TASK BRIEF: Retype each line below precisely and omit all images.

*** Opening of ENTRIES SUPPLIED ***

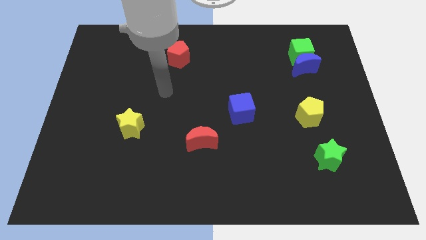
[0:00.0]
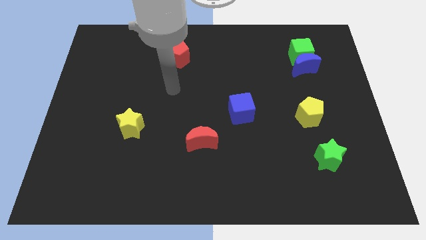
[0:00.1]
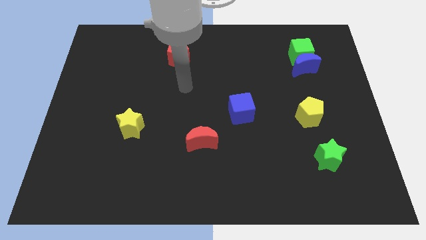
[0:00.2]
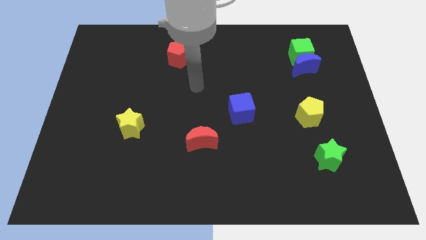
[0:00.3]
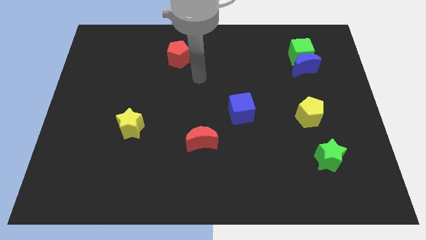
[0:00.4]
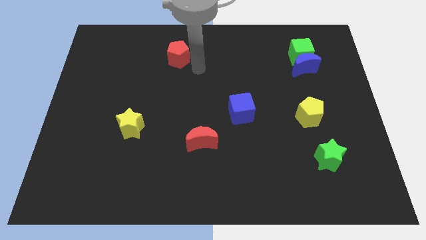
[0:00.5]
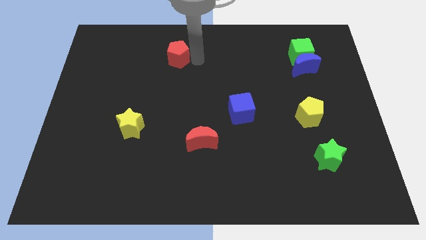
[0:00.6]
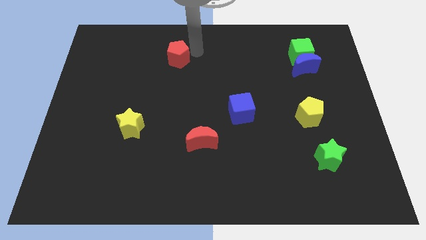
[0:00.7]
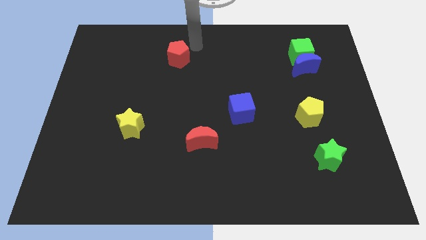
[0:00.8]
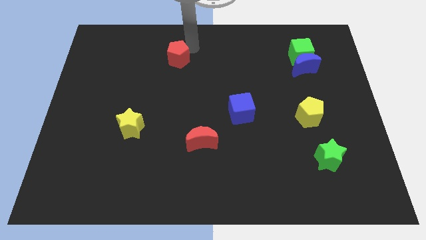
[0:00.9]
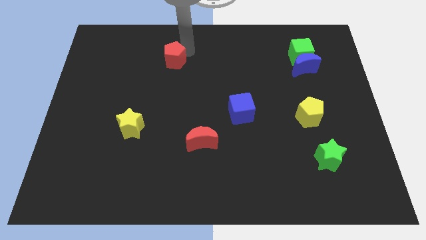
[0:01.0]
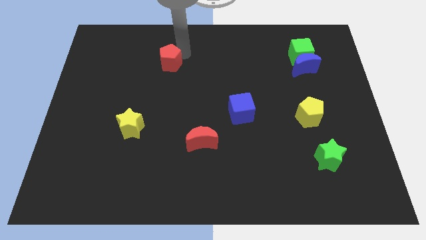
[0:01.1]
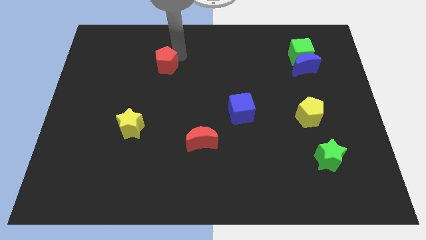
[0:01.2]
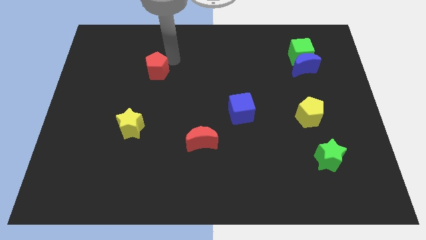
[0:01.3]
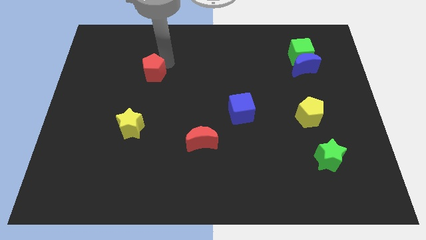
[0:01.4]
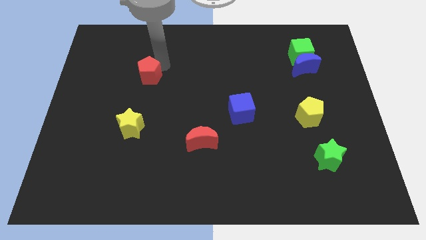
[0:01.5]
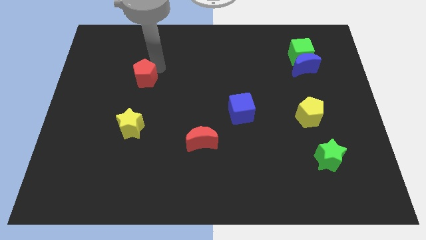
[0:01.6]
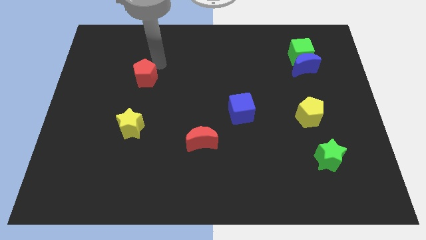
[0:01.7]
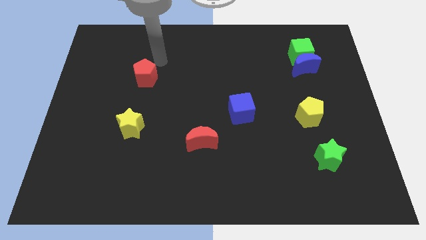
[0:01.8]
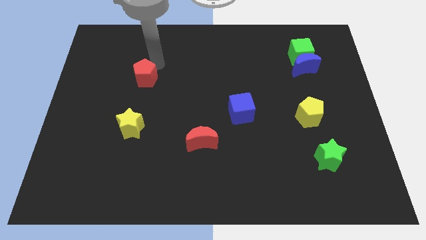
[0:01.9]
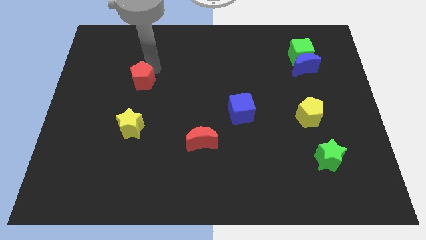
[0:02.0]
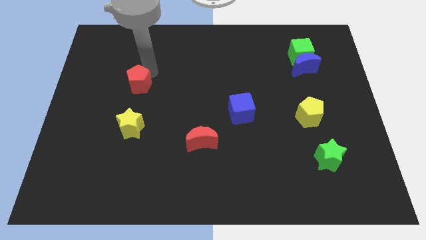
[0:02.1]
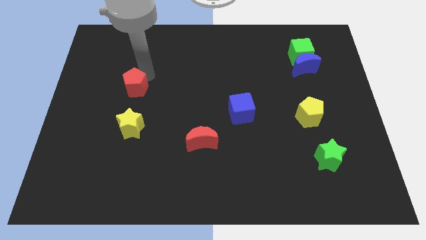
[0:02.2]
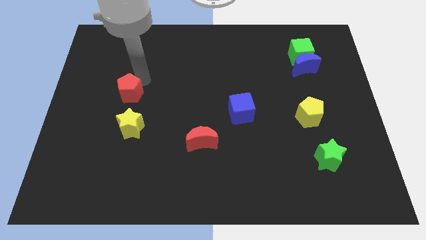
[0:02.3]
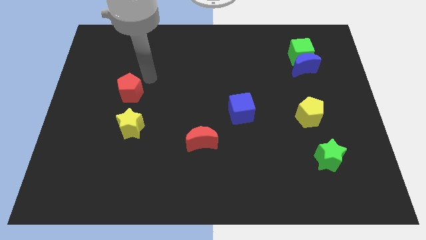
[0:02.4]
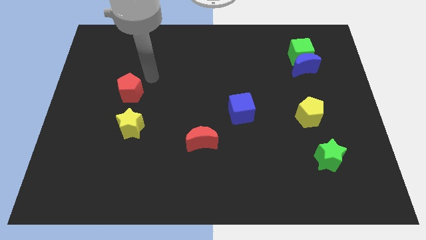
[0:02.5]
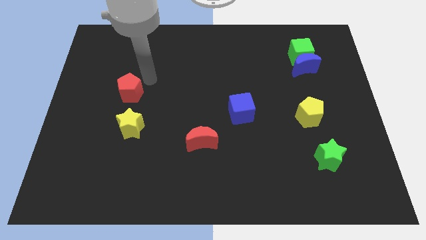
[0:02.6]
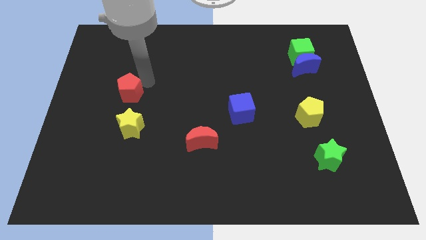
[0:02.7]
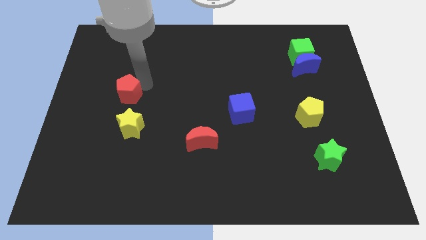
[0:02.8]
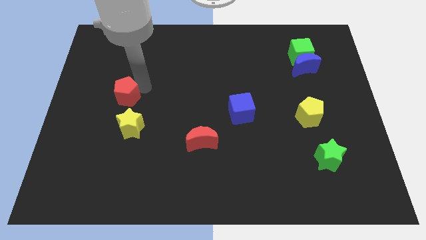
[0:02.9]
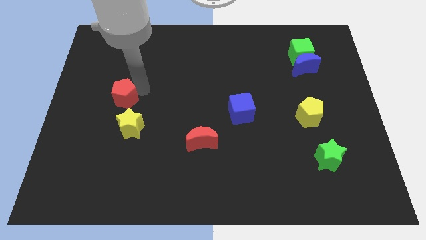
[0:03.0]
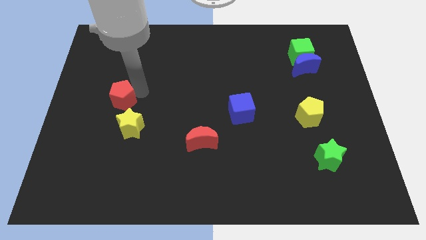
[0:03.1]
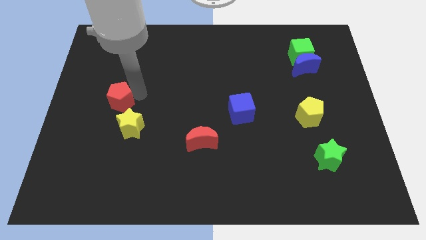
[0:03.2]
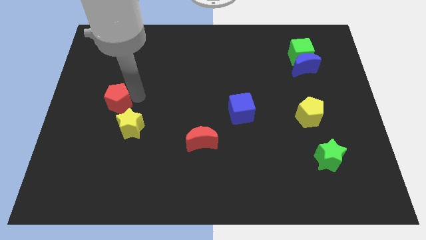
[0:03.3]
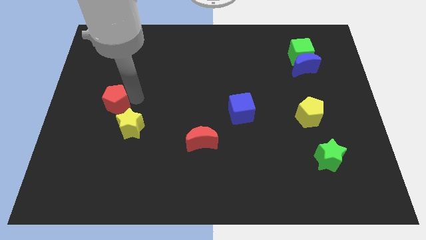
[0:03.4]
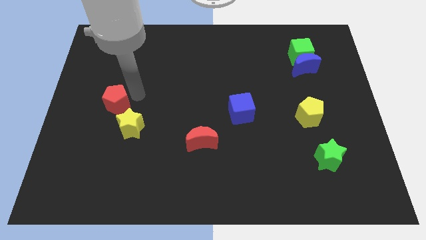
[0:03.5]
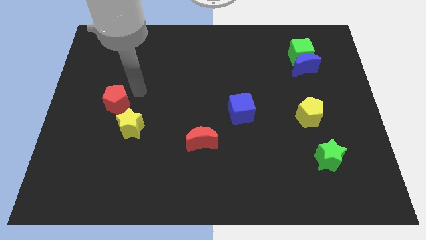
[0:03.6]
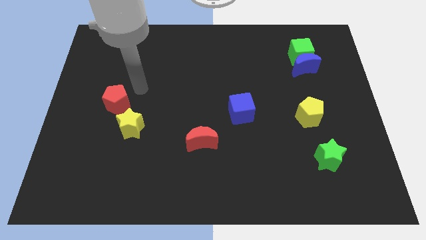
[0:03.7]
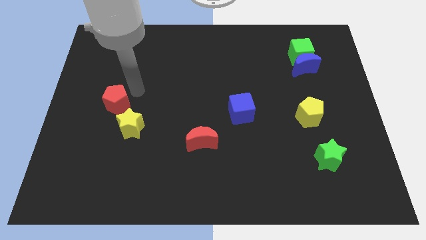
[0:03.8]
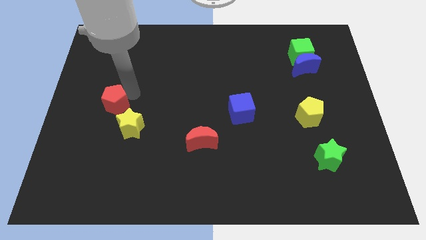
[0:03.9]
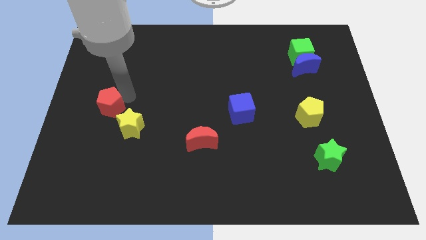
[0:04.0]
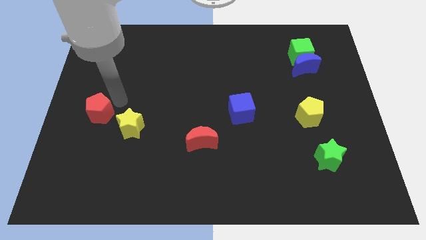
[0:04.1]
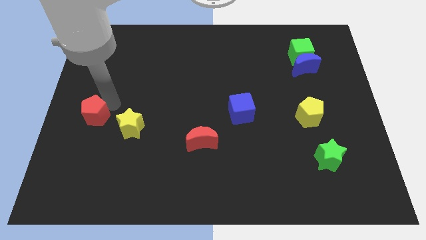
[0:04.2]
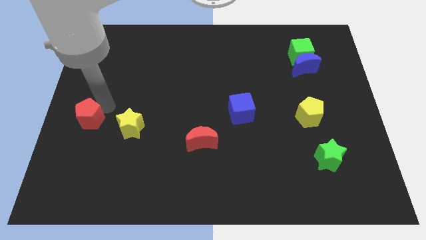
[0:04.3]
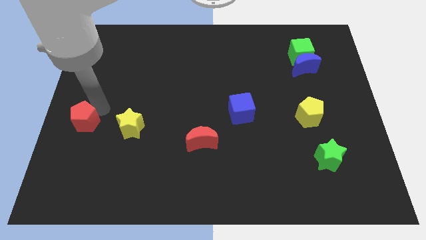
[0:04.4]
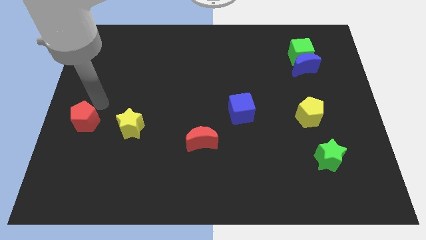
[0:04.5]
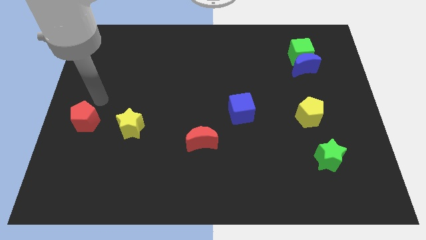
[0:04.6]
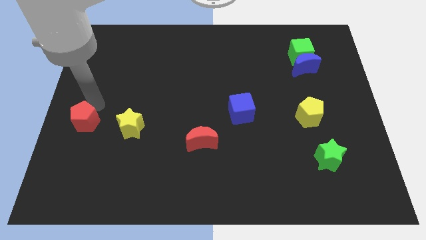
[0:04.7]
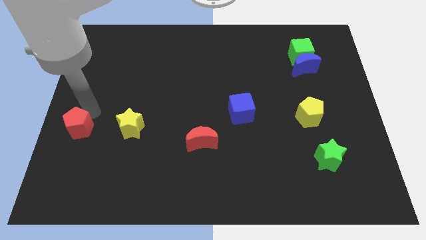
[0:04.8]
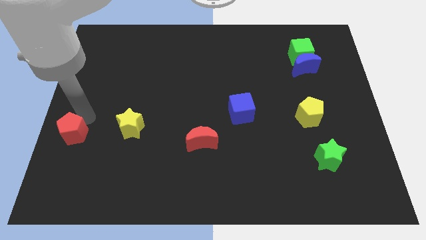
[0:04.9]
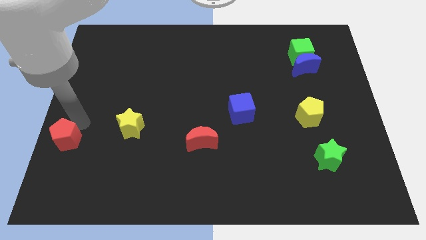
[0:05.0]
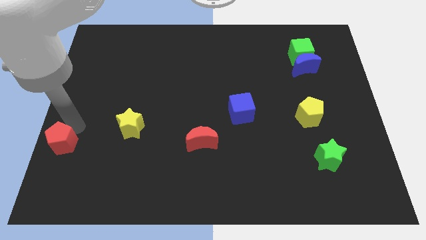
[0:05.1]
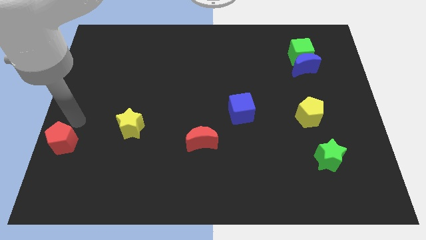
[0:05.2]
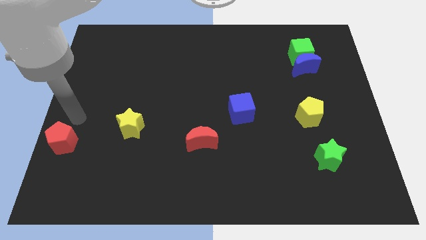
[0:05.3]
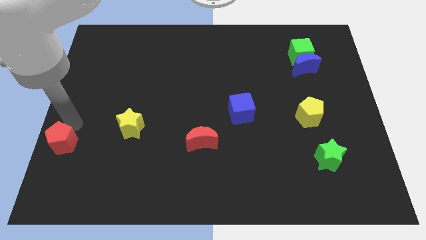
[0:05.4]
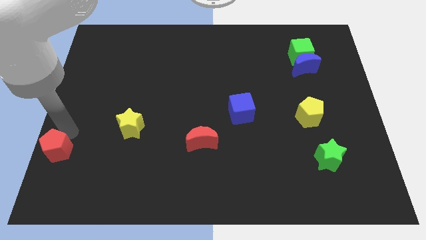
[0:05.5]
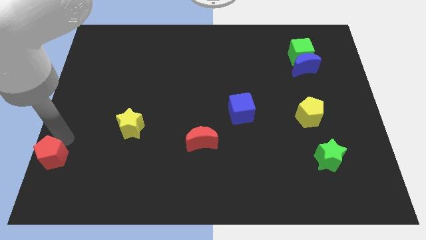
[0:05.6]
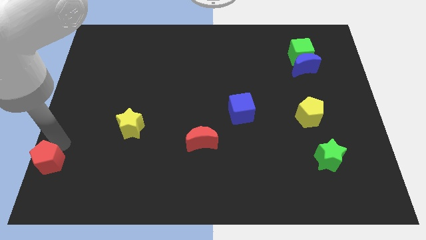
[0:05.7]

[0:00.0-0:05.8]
move the red pentagon to the lower left corner

*** Close of ENTRIES SUPPLIED ***

TASK RESPONSE:
[0:00.0]
[0:00.1]
[0:00.2]
[0:00.3]
[0:00.4]
[0:00.5]
[0:00.6]
[0:00.7]
[0:00.8]
[0:00.9]
[0:01.0]
[0:01.1]
[0:01.2]
[0:01.3]
[0:01.4]
[0:01.5]
[0:01.6]
[0:01.7]
[0:01.8]
[0:01.9]
[0:02.0]
[0:02.1]
[0:02.2]
[0:02.3]
[0:02.4]
[0:02.5]
[0:02.6]
[0:02.7]
[0:02.8]
[0:02.9]
[0:03.0]
[0:03.1]
[0:03.2]
[0:03.3]
[0:03.4]
[0:03.5]
[0:03.6]
[0:03.7]
[0:03.8]
[0:03.9]
[0:04.0]
[0:04.1]
[0:04.2]
[0:04.3]
[0:04.4]
[0:04.5]
[0:04.6]
[0:04.7]
[0:04.8]
[0:04.9]
[0:05.0]
[0:05.1]
[0:05.2]
[0:05.3]
[0:05.4]
[0:05.5]
[0:05.6]
[0:05.7]

[0:00.0-0:05.8]
move the red pentagon to the lower left corner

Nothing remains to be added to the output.